The correlation between the anchor and the 1-year change in EQ VAS was -0.47 for disk herniation surgery and − 0.48 for spinal stenosis surgery (Table 4). Revicki et al. [23] recommend 0.30–0.35 as a correlation threshold to define an acceptable association between an anchor and the PROM change score. In contrast, Guyatt et al. [29], have a more restrictive approach and recommend a correlation threshold of 0.50 points. Since there is no consensus regarding correlation thresholds, and also because our correlations are in the upper region of the medium correlation range proposed by Cohen [26], we find it reasonable to use the SF-36 transition item as anchor for MIC calculations for the EQ VAS.

SF-36 provides alternative measures that could be used as anchors for MIC calculation: SF-36 item one (the single item for self-rated health assessment, SRH) and the general health (GH) domain. In our prior work on HRQoL, however, we noted that the responsiveness to change after spine surgery for SF-36 item one and the GH domain was limited, which makes these measures less suitable as anchors [16, 30].

The findings of our study should be evaluated in the light of several limitations. First, the data were limited to patients surgically treated for disk herniation or spinal stenosis. Other uses of the MIC values of our study should be made with caution. Second, we recognize the inherent limitations of register data, e.g., lack of confounder information, missing data, or unknown data quality [1]. Third, information about co-morbidities that might affect general heath perceptions were lacking. Fourth, data were incomplete for 20886 (44%) of the procedures. Fifth, we did not evaluate the MDC of EQ VAS. The MIC has to be greater than the MDC to be a valid threshold [8]. Sixth, we did not adjust our MIC values for differences in EQ VAS at baseline. This is recognized as a limitation because previous studies have suggested that differences in baseline PROMs may affect MIC thresholds [9, 31]. Seventh, data on socioeconomic factors were lacking. The study of Iderberg et al. [32] demonstrated that socioeconomic indicators were associated with outcomes of surgery for lumbar spinal stenosis.

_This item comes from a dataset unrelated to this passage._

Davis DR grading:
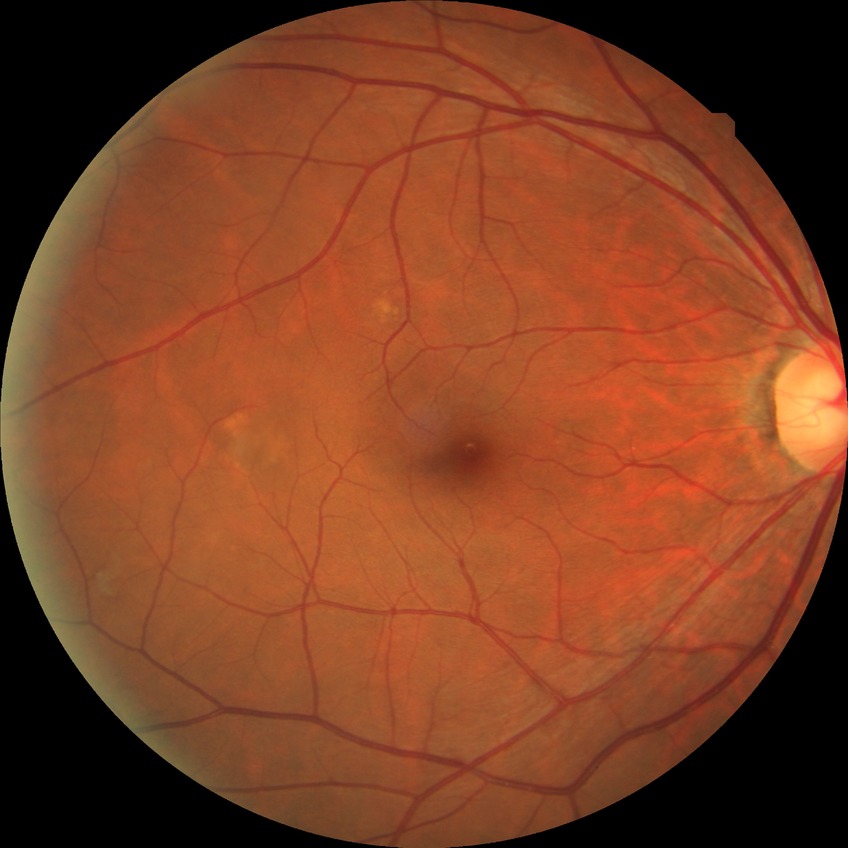

Diabetic retinopathy stage is no diabetic retinopathy.

Despite these limitations, we believe that the results of our study, are still fairly accurate estimates of the MIC values for EQ VAS and that future studies may now use EQ VAS as a complement to the widely used EQ-5D index in the assessing changes in general HRQoL after spine surgery.

Conclusion

For the EQ VAS we recommend a MIC threshold of 12 points for improvement after surgery for disk herniation or spinal stenosis whereas the corresponding threshold for deterioration is − 7 points. There are marked differences between the EQ VAS MIC for improvement and deterioration after surgery for disk herniation or spinal stenosis. The MIC value varied depending on the method used for MIC estimation.